Evaluate: $\lim\limits_{x\to \infty}\frac {2x^4-3x^2+1}{6x^4+x^3-3x}$.
I've just started learning limits and calculus and this is an exercise problem from my textbook.
To solve the problem, I tried factorizing the numerator and denominator of the fraction. The numerator can be factorized as $(x-1)(x+1)(2x^2-1)$ and the numerator can be factorized as $x(6x^3+x^2-3x)$. So, we can rewrite the problem as follows: $$\lim\limits_{x\to\infty}\frac {2x^4-3x^2+1}{6x^4+x^3-3x}=\lim\limits_{x\to\infty}\frac {(x-1)(x+1)(2x^2-1)}{x(6x^3+x^2-3)}$$ But this doesn't help as there is no common factor in the numerator and denominator. I've also tried the following: $$\lim\limits_{x\to\infty}\frac {(x-1)(x+1)(2x^2-1)}{x(6x^3+x^2-3)}=\lim\limits_{x\to\infty}\frac{x-1}{x}\cdot \lim\limits_{x\to\infty}\frac {(x+1)(2x^2-1)}{6x^3+x^2-3}=1\cdot \lim\limits_{x\to\infty}\frac {(x+1)(2x^2-1)}{6x^3+x^2-3}$$ Here I used $\frac{x-1} x=1$ as $x$ approaches infinity. Yet this does not help.
The answer is $\frac 1 3$ in the book but the book does not include the solution.
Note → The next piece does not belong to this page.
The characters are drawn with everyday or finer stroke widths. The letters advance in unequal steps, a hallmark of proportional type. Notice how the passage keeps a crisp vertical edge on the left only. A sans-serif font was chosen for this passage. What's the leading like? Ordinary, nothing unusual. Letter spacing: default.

So, how to solve the problem?
Best Answer
Essentially, divide the numerator and denominator by the largest power of numerator:$$\lim\limits_{x\to \infty}\frac {2x^4-3x^2+1}{6x^4+x^3-3x} = \lim\limits_{x\to \infty}\frac {\frac{2x^4-3x^2+1}{x^4}}{\frac{6x^4+x^3-3x}{x^4}} = \lim\limits_{x\to \infty}\frac {2-\frac{3}{x^2} + \frac{1}{x^4}}{6 + \frac{1}{x} - \frac{3}{x^3}} = \frac{2 - 0 + 0}{6 + 0 - 0}= \frac13$$